§ **To do**
Every line below is to be set down again exactly; any image stays out.

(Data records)
------------
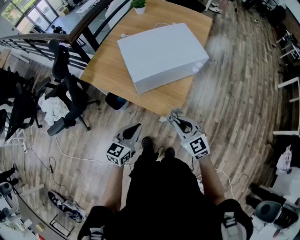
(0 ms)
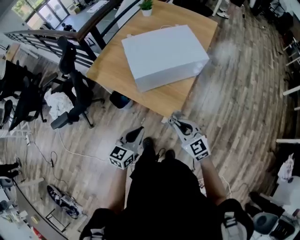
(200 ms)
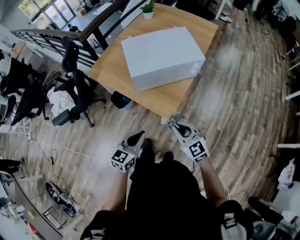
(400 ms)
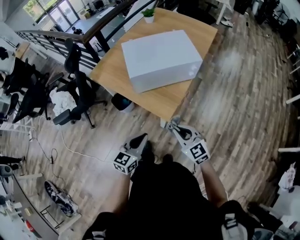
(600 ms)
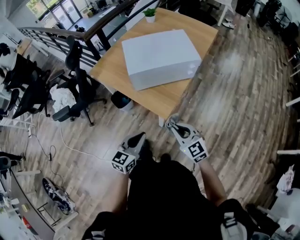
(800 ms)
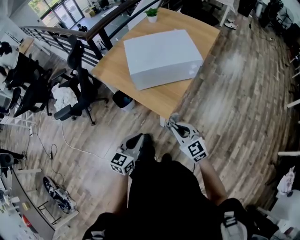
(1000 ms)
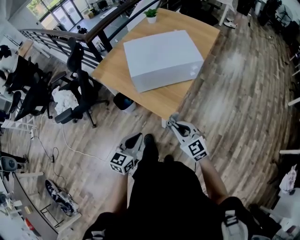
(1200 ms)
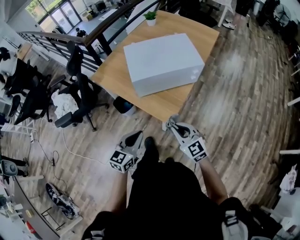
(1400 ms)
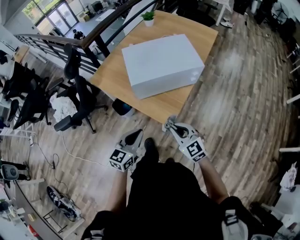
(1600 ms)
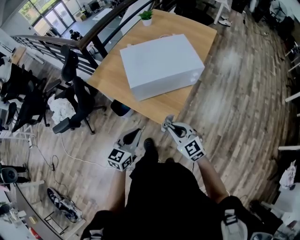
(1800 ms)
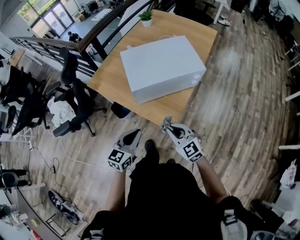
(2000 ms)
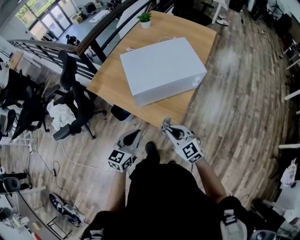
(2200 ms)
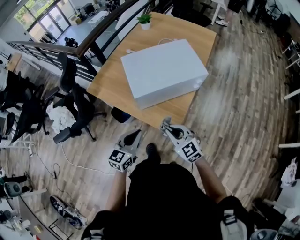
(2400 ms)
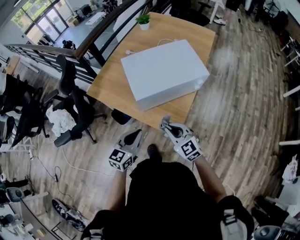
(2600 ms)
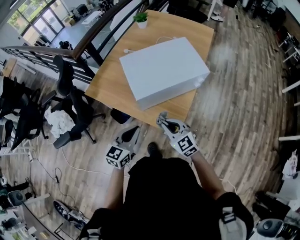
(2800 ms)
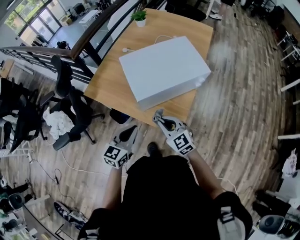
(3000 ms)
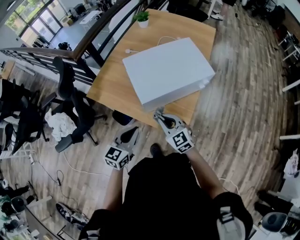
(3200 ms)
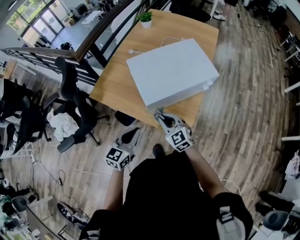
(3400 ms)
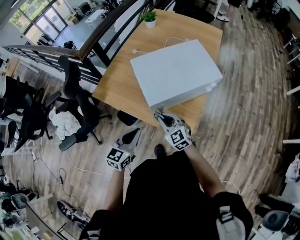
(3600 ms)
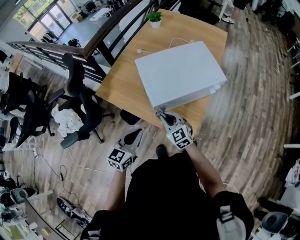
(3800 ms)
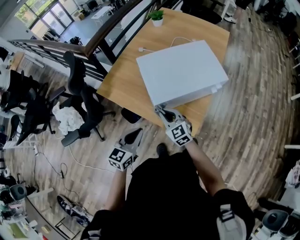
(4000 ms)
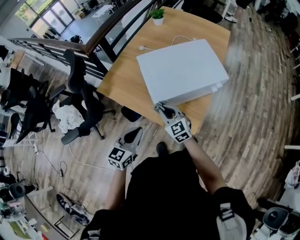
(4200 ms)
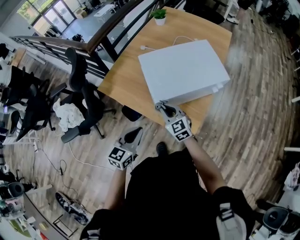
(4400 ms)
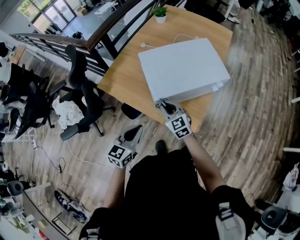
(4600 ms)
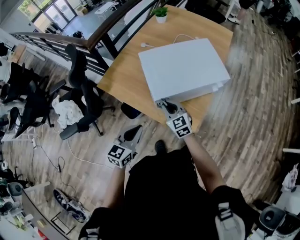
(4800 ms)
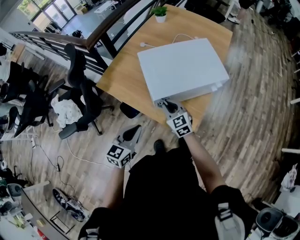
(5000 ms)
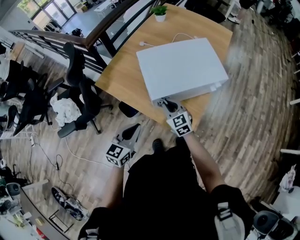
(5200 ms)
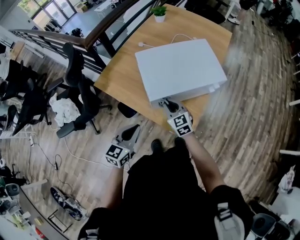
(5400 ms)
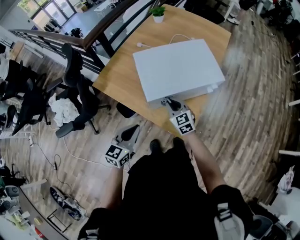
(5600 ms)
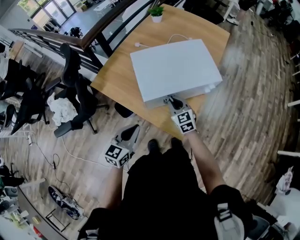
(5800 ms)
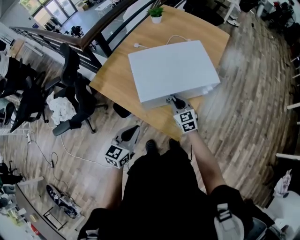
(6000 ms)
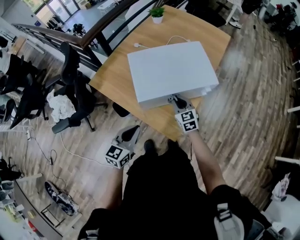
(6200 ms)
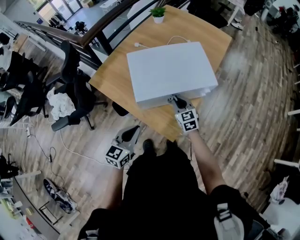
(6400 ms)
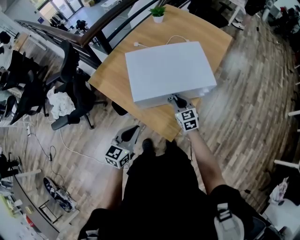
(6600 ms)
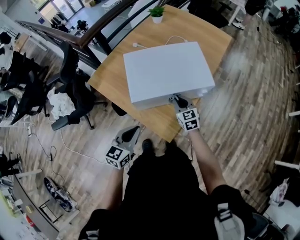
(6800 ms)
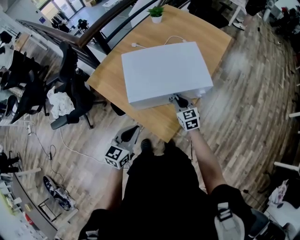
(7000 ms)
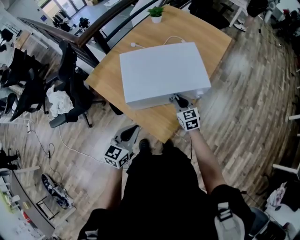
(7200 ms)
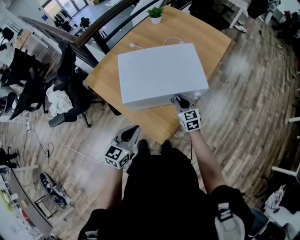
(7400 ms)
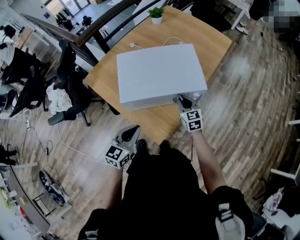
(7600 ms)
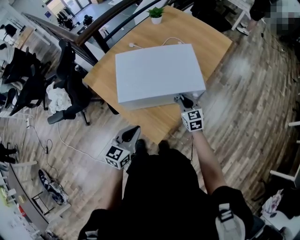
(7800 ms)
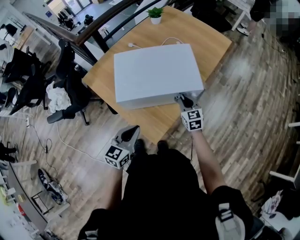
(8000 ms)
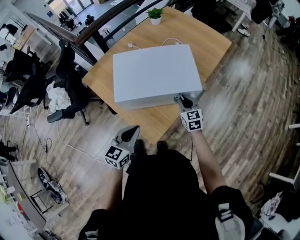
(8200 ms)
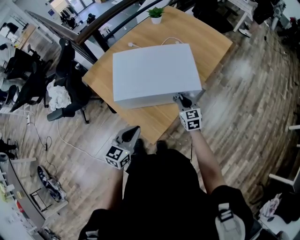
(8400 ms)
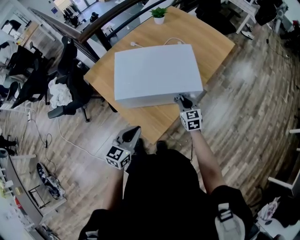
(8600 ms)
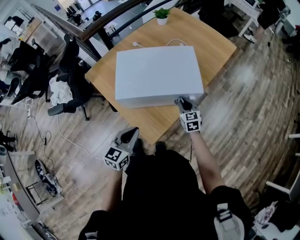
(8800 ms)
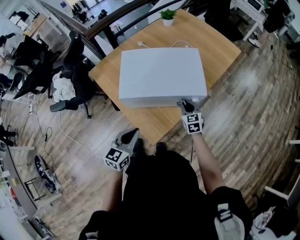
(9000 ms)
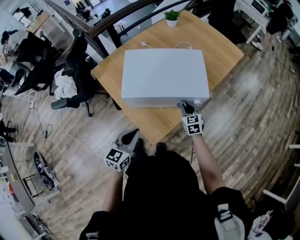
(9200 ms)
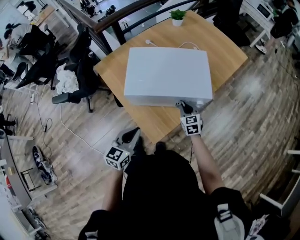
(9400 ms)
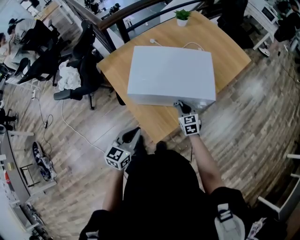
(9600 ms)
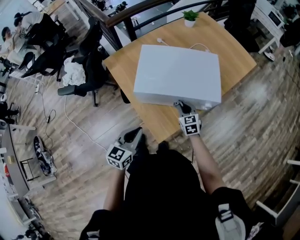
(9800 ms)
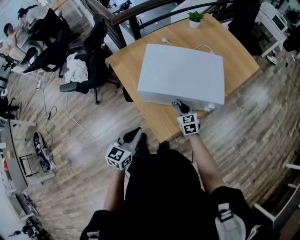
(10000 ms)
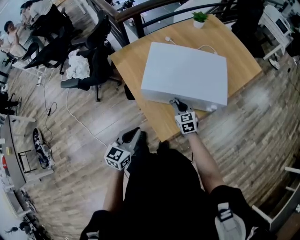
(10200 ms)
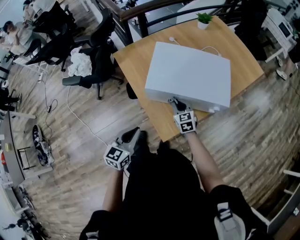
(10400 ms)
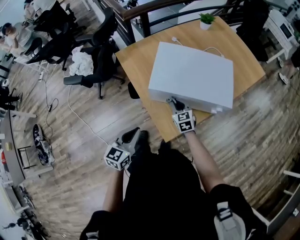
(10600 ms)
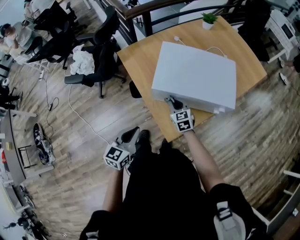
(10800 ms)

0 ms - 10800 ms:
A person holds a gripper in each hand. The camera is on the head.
------------
§ **Completed task**
(0 ms)
(200 ms)
(400 ms)
(600 ms)
(800 ms)
(1000 ms)
(1200 ms)
(1400 ms)
(1600 ms)
(1800 ms)
(2000 ms)
(2200 ms)
(2400 ms)
(2600 ms)
(2800 ms)
(3000 ms)
(3200 ms)
(3400 ms)
(3600 ms)
(3800 ms)
(4000 ms)
(4200 ms)
(4400 ms)
(4600 ms)
(4800 ms)
(5000 ms)
(5200 ms)
(5400 ms)
(5600 ms)
(5800 ms)
(6000 ms)
(6200 ms)
(6400 ms)
(6600 ms)
(6800 ms)
(7000 ms)
(7200 ms)
(7400 ms)
(7600 ms)
(7800 ms)
(8000 ms)
(8200 ms)
(8400 ms)
(8600 ms)
(8800 ms)
(9000 ms)
(9200 ms)
(9400 ms)
(9600 ms)
(9800 ms)
(10000 ms)
(10200 ms)
(10400 ms)
(10600 ms)
(10800 ms)

0 ms - 10800 ms:
A person holds a gripper in each hand. The camera is on the head.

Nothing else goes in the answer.